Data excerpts
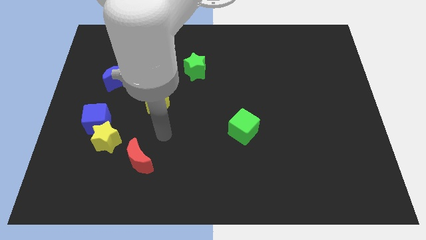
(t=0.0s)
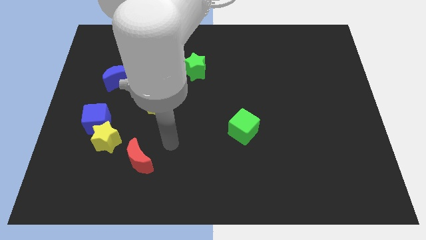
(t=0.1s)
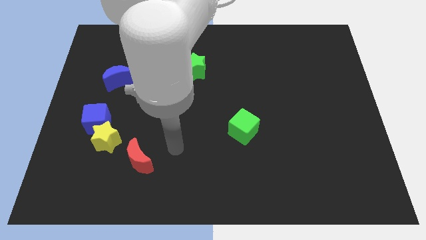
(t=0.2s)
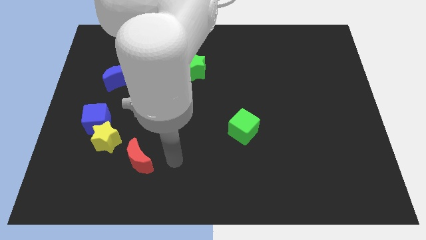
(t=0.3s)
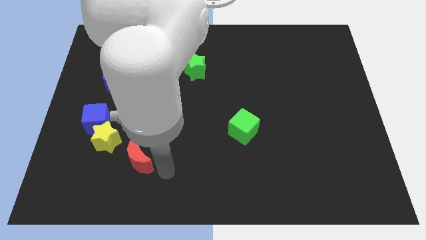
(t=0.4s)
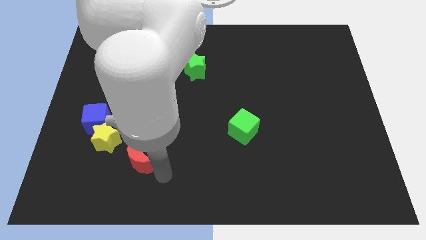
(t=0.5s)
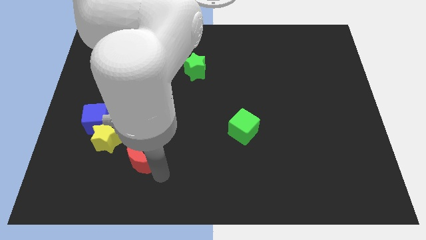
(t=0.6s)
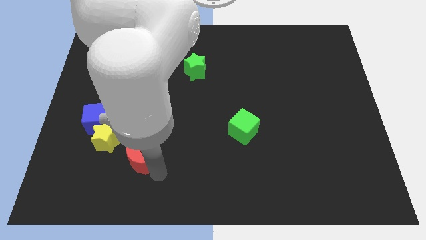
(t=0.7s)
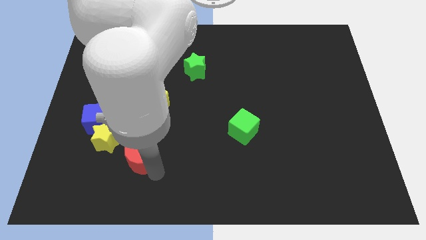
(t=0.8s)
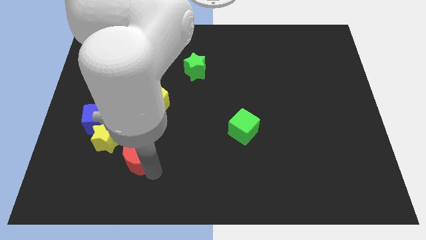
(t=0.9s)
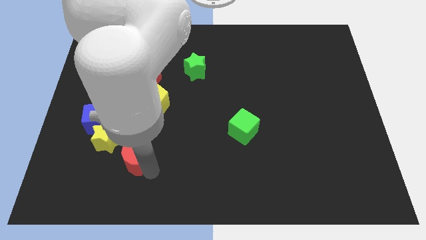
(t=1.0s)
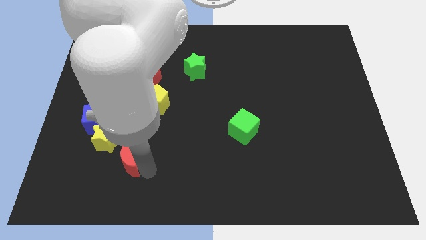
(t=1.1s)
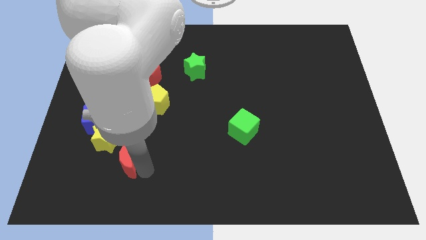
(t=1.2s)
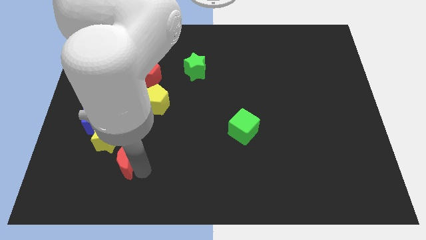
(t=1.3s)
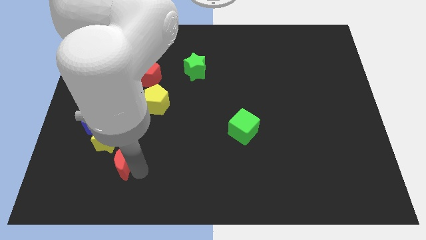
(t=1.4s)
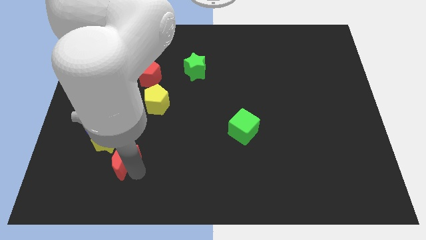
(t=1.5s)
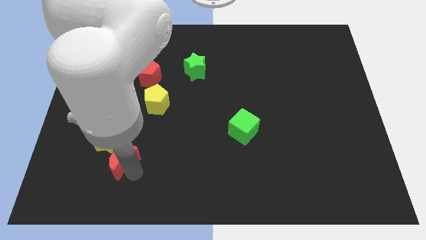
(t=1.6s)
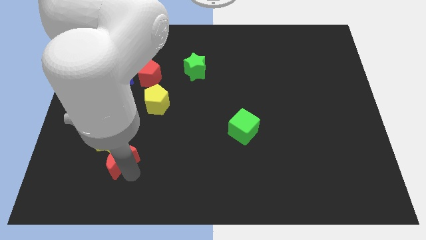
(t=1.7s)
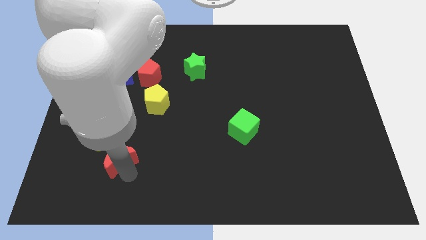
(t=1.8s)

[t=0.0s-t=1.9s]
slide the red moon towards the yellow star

#### [Problem description]
Send back the data above verbatim, leaving out its pictures.

#### [Solution to the problem]
(t=0.0s)
(t=0.1s)
(t=0.2s)
(t=0.3s)
(t=0.4s)
(t=0.5s)
(t=0.6s)
(t=0.7s)
(t=0.8s)
(t=0.9s)
(t=1.0s)
(t=1.1s)
(t=1.2s)
(t=1.3s)
(t=1.4s)
(t=1.5s)
(t=1.6s)
(t=1.7s)
(t=1.8s)

[t=0.0s-t=1.9s]
slide the red moon towards the yellow star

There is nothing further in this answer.